Items from a data source
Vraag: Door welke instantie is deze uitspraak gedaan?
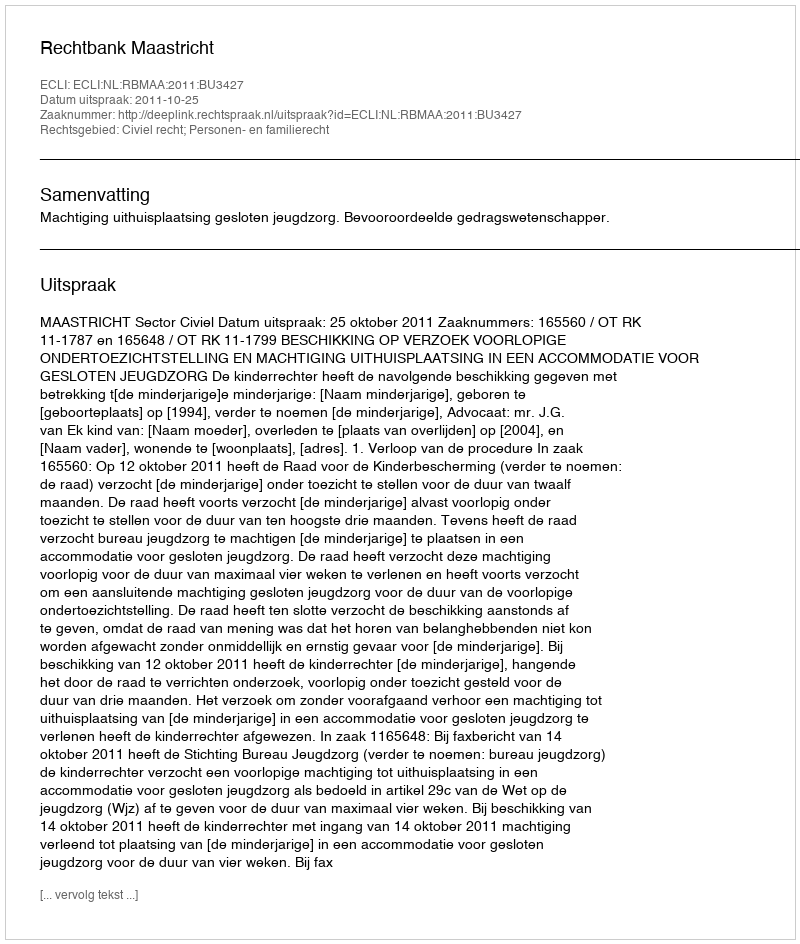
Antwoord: Rechtbank Maastricht
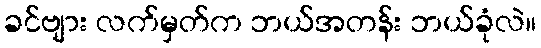
ခင်ဗျား လက်မှတ်က ဘယ်အတန်း ဘယ်ခုံလဲ။
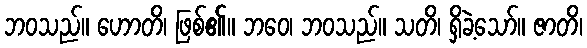
ဘဝသည်။ ဟောတိ၊ ဖြစ်၏။ ဘဝေ၊ ဘဝသည်။ သတိ၊ ရှိခဲ့သော်။ ဇာတိ၊
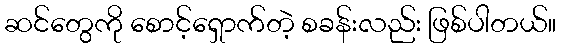
ဆင်တွေကို စောင့်ရှောက်တဲ့ စခန်းလည်း ဖြစ်ပါတယ်။
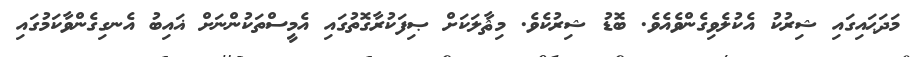
މަދަޙައިގައި ޝިރުކު އެކުލެވިގެންވެއެވެ. ބޮޑު ޝިރުކެވެ. މިޘާލަކަށް ޞިފަކުރާގޮތުގައި އެމީސްތަކުންނަށް ޣައިބު އެނގިގެންވާކަމުގައި
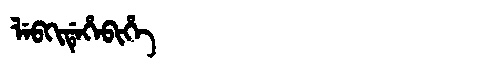
Manchu: ᠯᡝᠪᡴᡳᡩᡝᡥᡝᠪᡳᡥᡝ
Romanization: LEBKIDEHEBIHE
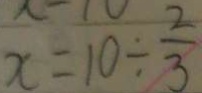
x = 1 0 \div \frac { 2 } { 3 }
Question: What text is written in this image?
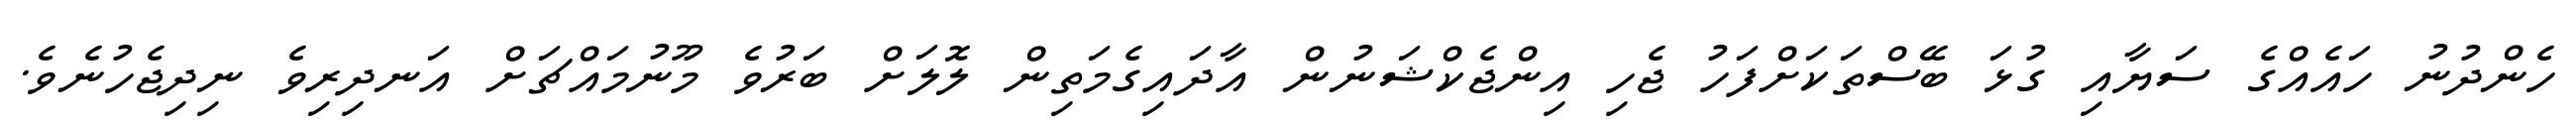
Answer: ހެންދުނު ހައެއްގެ ސަޔާއި ގުޅަ ބޭސްތަކަށްފަހު ޖެހި އިންޖެކްޝަނުން އާދައިގެމަތިން ލޮލަށް ބަރުވެ މޫނުމައްޗަށް އަނދިރިވެ ނިދިޖެހުނެވެ.
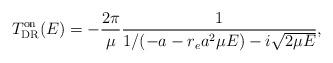
LaTeX: \begin{align*}T^{\rm on}_{\rm DR}(E)=-\frac{2 \pi}{\mu}\frac{1}{1/(-a - r_e a^2 \mu E) - i \sqrt{2 \mu E}},\end{align*}
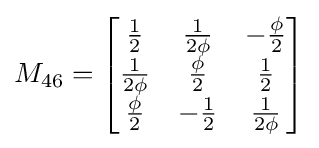
M_{46}={\begin{bmatrix}{\frac {1}{2}}&{\frac {1}{2\phi }}&-{\frac {\phi }{2}}\\{\frac {1}{2\phi }}&{\frac {\phi }{2}}&{\frac {1}{2}}\\{\frac {\phi }{2}}&-{\frac {1}{2}}&{\frac {1}{2\phi }}\end{bmatrix}}
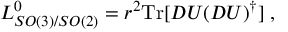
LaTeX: L _ { S O ( 3 ) / S O ( 2 ) } ^ { 0 } = { r } ^ { 2 } \mathrm { T r } [ D U ( D U ) ^ { \dagger } ] \; ,
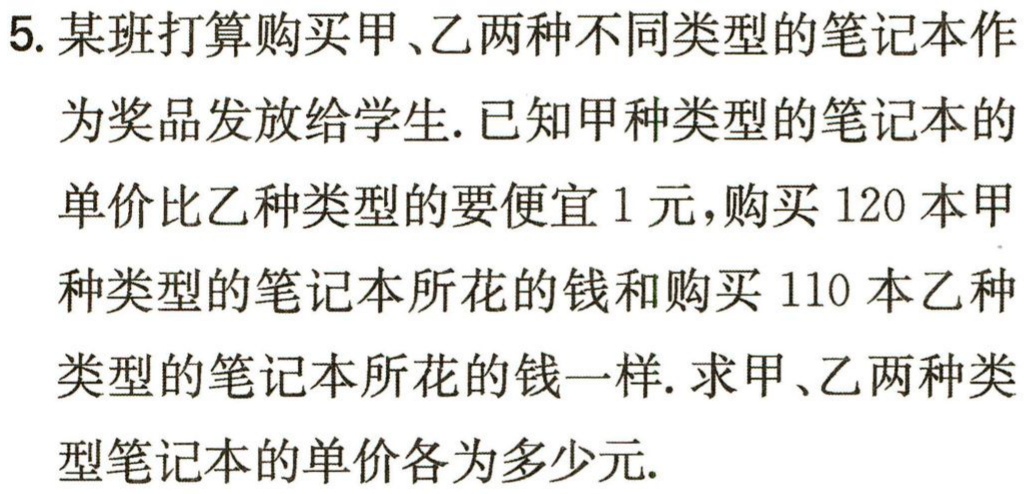
5. 某班打算购买甲、乙两种不同类型的笔记本作为奖品发放给学生. 已知甲种类型的笔记本的单价比乙种类型的要便宜1元，购买120本甲种类型的笔记本所花的钱和购买110本乙种类型的笔记本所花的钱一样. 求甲、乙两种类型笔记本的单价各为多少元.
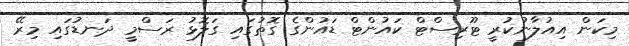
މިކަން އިއުލާނުކުރީ ޓޫރިސްޓް ކައުންޓް ޑައުންގެ ގޮތުގައި ގަލޮޅު ރަސްމީ ދަނޑުގައި މިރޭ
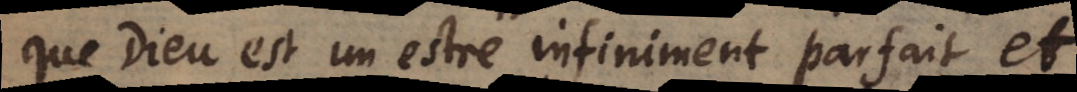
que Dieu est un estre infiniment parfait et
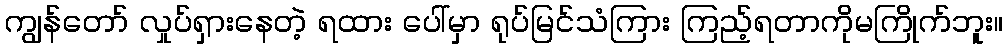
ကျွန်တော် လှုပ်ရှားနေတဲ့ ရထား ပေါ်မှာ ရုပ်မြင်သံကြား ကြည့်ရတာကိုမကြိုက်ဘူး။
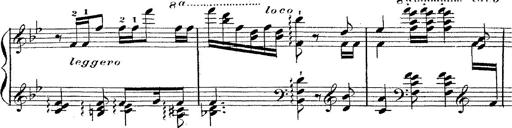
Title: 12 Lieder von Franz Schubert
Composer: Franz Liszt
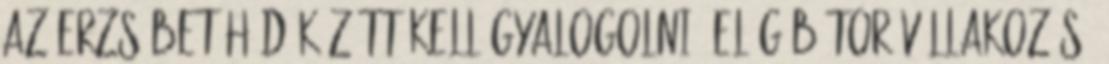
az Erzsébet híd között kell gyalogolni, elég bátor vállakozás,
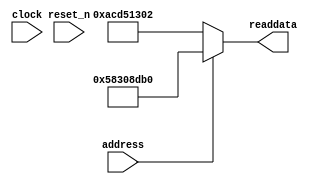
module soc_system_sysid_qsys_13 (
                address,
                clock,
                reset_n,
                readdata
             )
;
  output  [ 31: 0] readdata;
  input            address;
  input            clock;
  input            reset_n;
  wire    [ 31: 0] readdata;
  assign readdata = address ? 1479577008 : 2899645186;
endmodule
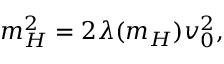
m _ { H } ^ { 2 } = 2 \lambda ( m _ { H } ) v _ { 0 } ^ { 2 } ,
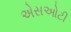
એસઓટી
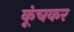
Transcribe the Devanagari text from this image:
कूंचकर
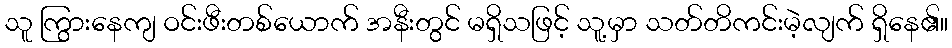
သူ ကြွားနေကျ ဝင်းဖီးတစ်ယောက် အနီးတွင် မရှိသဖြင့် သူ့မှာ သတ်တိကင်းမဲ့လျက် ရှိနေ၏။
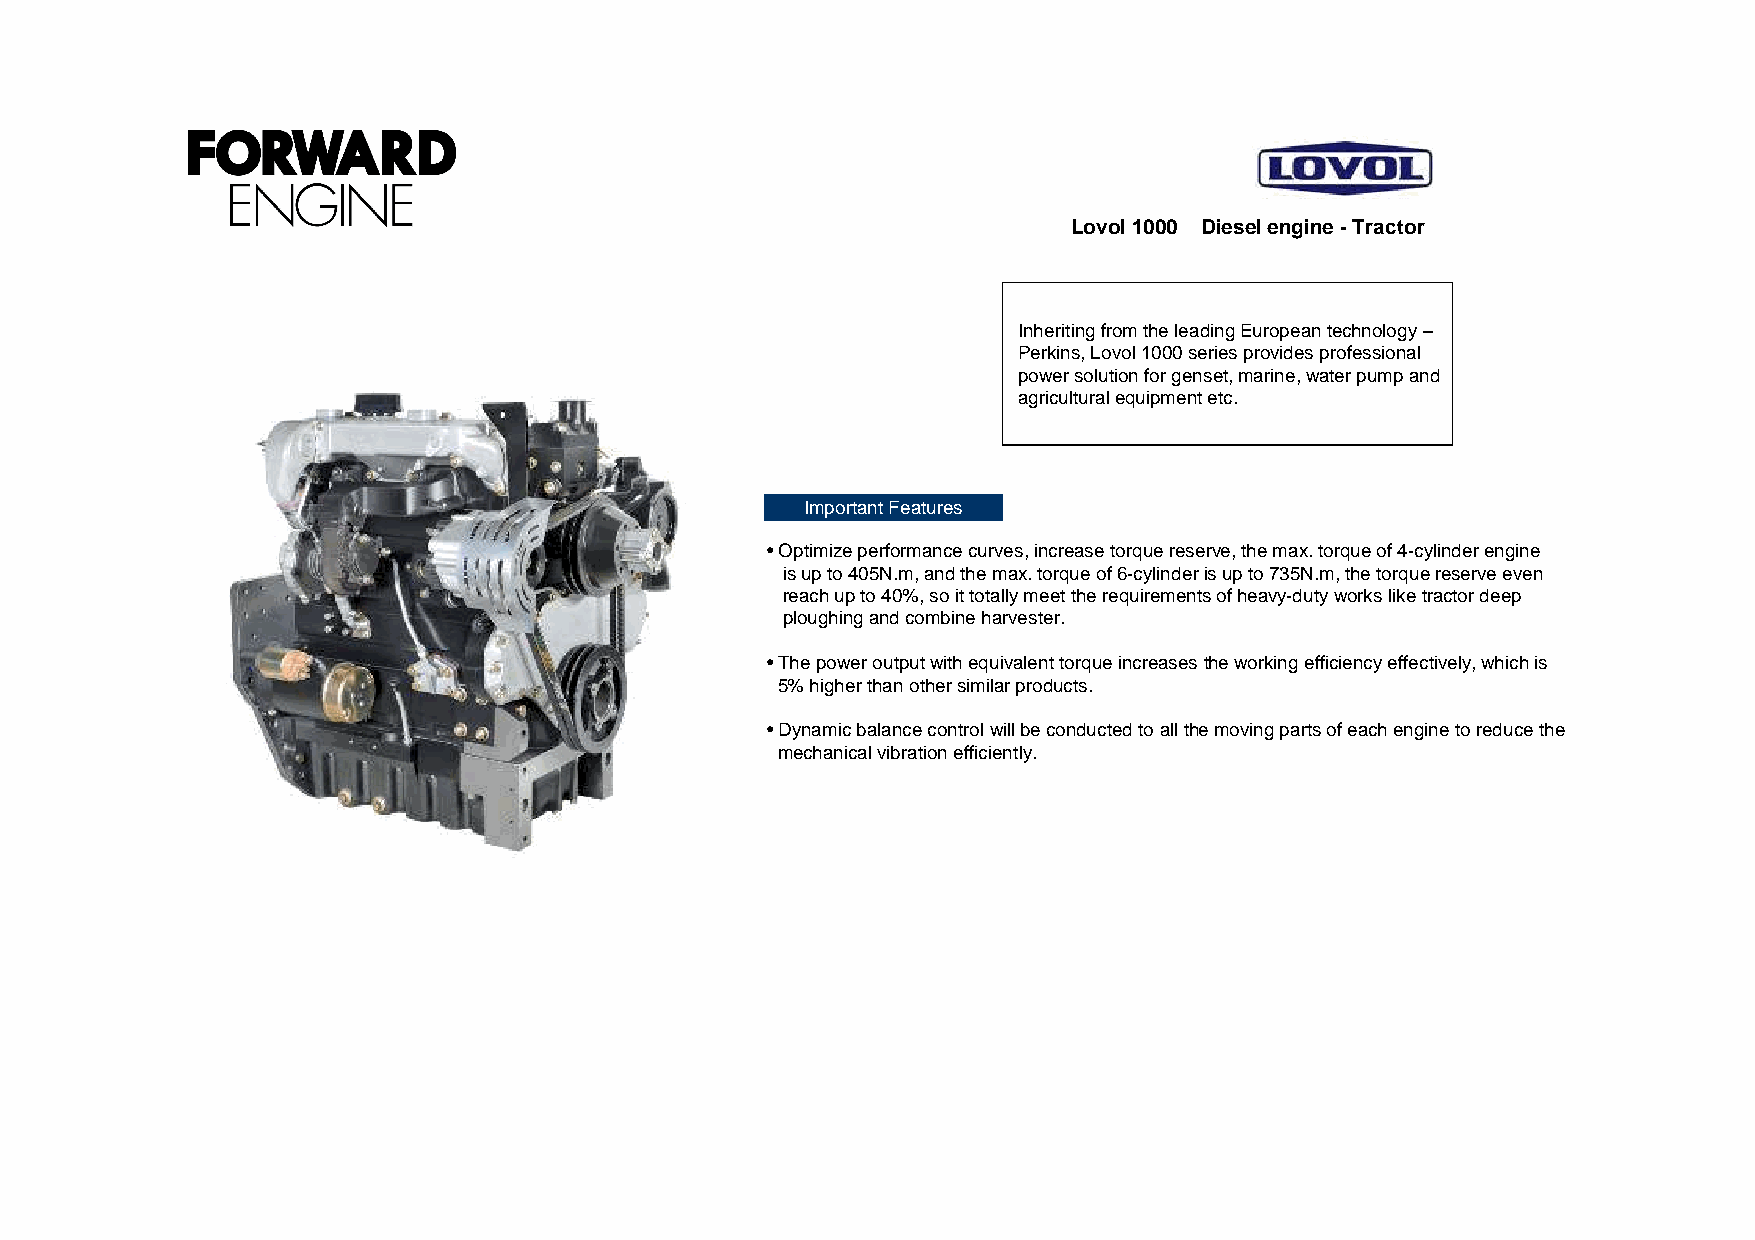
Lovol1000 Diesel engine -Tractor
 Inheriting from the leading European technology –
 Perkins, Lovol1000 series provides professional
 power solution for genset, marine, water pump and
 agricultural equipment etc.
 Important Features
 •Optimize performance curves, increase torque reserve, the max. torque of 4-cylinder engine
 is up to 405N.m, and the max. torque of 6-cylinder is up to 735N.m, the torque reserve even
 reach up to 40%, so it totally meet the requirements of heavy-duty works like tractor deep
 ploughingand combine harvester.
 •The power output with equivalent torque increases the working efficiency effectively, which is
 5% higher than other similar products.
 •Dynamic balance control will be conducted to all the moving parts of each engine to reduce the
 mechanical vibration efficiently.
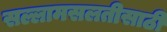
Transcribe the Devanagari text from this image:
सल्लामसलतीसाठी
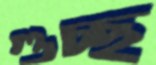
গুচ্ছ
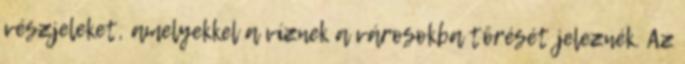
vészjeleket, amelyekkel a víznek a városokba törését jeleznék. Az
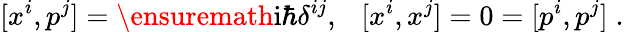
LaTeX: [x^{i},p^{j}]=\ensuremath{\mathrm{i}}\hbar\delta^{ij},\ \ \ [x^{i},x^{j}]=0=[p^{i},p^{j}]\; .
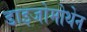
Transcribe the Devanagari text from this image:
डाइजोमोथेन
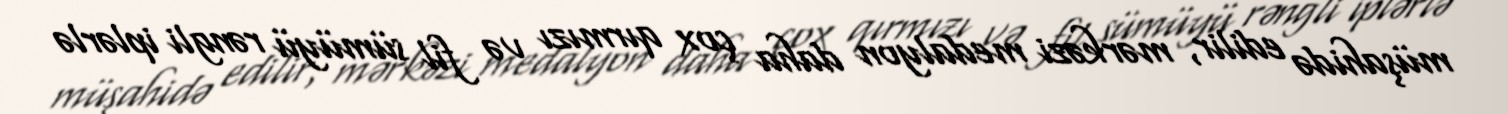
müşahidə edilir, mərkəzi medalyon daha çox qırmızı və fil sümüyü rəngli iplərlə
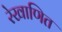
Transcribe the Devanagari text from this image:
रेखाणित
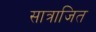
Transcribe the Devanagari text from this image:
सात्राजित
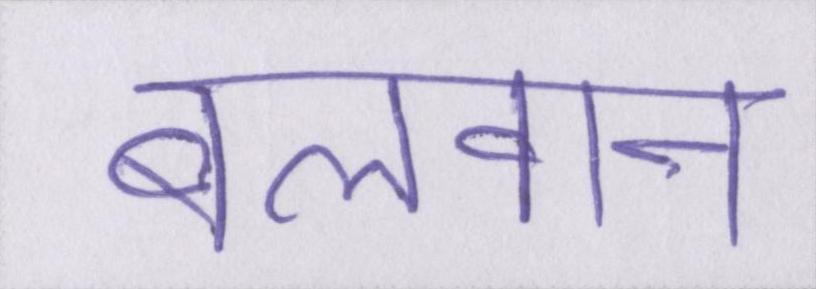
बलवान
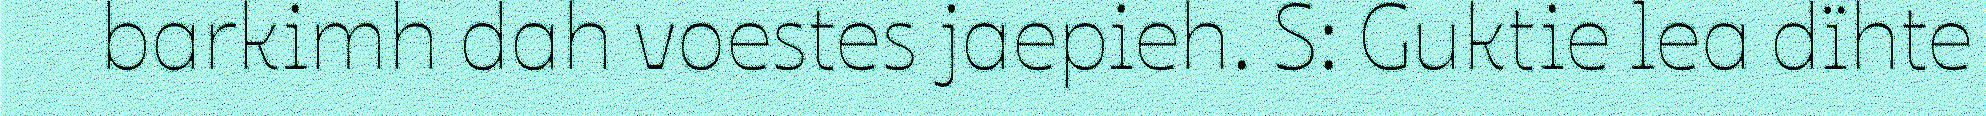
barkimh dah voestes jaepieh. S: Guktie lea dïhte
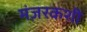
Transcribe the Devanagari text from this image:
मंज़रकशी
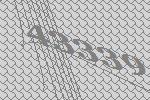
43339
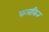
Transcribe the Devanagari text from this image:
फलकित
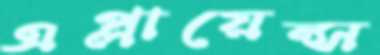
এপ্লায়েন্স
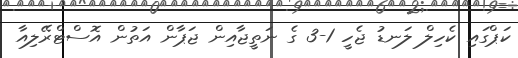
ކަޕްގައި ކެހިލް ލަނޑު ޖެހީ 1-3 ގެ ނަތީޖާއިން ޖަޕާން އަތުން އޮސްޓްރޭލިއާ
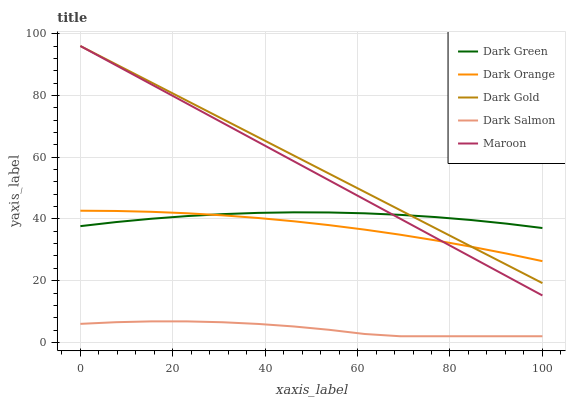
| xaxis_label | Dark Green | Dark Orange | Dark Gold | Dark Salmon | Maroon |
 | --- | --- | --- | --- | --- | --- |
 | 0 | 37.7 | 42.7 | 96 | 6.01 | 96 |
 | 7.69 | 39 | 42.6 | 90.1 | 6.55 | 89.8 |
 | 15.4 | 40.1 | 42.3 | 84.2 | 6.82 | 83.6 |
 | 23.1 | 40.9 | 41.8 | 78.3 | 6.81 | 77.4 |
 | 30.8 | 41.6 | 41.2 | 72.4 | 6.54 | 71.1 |
 | 38.5 | 42 | 40.3 | 66.5 | 5.99 | 64.9 |
 | 46.2 | 42.1 | 39.2 | 60.6 | 5.17 | 58.7 |
 | 53.8 | 42.1 | 38 | 54.7 | 4.09 | 52.5 |
 | 61.5 | 41.8 | 36.5 | 48.7 | 2.73 | 46.3 |
 | 69.2 | 41.3 | 34.9 | 42.8 | 2 | 40.1 |
 | 76.9 | 40.6 | 33 | 36.9 | 2 | 33.9 |
 | 84.6 | 39.6 | 31 | 31 | 2 | 27.6 |
 | 92.3 | 38.5 | 28.8 | 25.1 | 2 | 21.4 |
 | 100 | 37.1 | 26.3 | 19.2 | 2 | 15.2 |
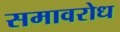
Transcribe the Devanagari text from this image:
समावरोध
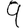
Digit: 9
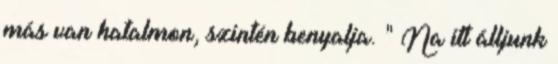
más van hatalmon, szintén benyalja. " Na itt álljunk
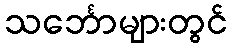
သင်္ဘောများတွင်

__What you should do__
Pictures are to be left out when the lines from the one containing "19.2 | 2 | 15.2 |" through the end of the records above are repeated exactly; no other line is wanted.

__Written answer__
 | 100 | 37.1 | 26.3 | 19.2 | 2 | 15.2 |
Transcribe the Devanagari text from this image:
समावरोध
Digit: 9
más van hatalmon, szintén benyalja. " Na itt álljunk
သင်္ဘောများတွင်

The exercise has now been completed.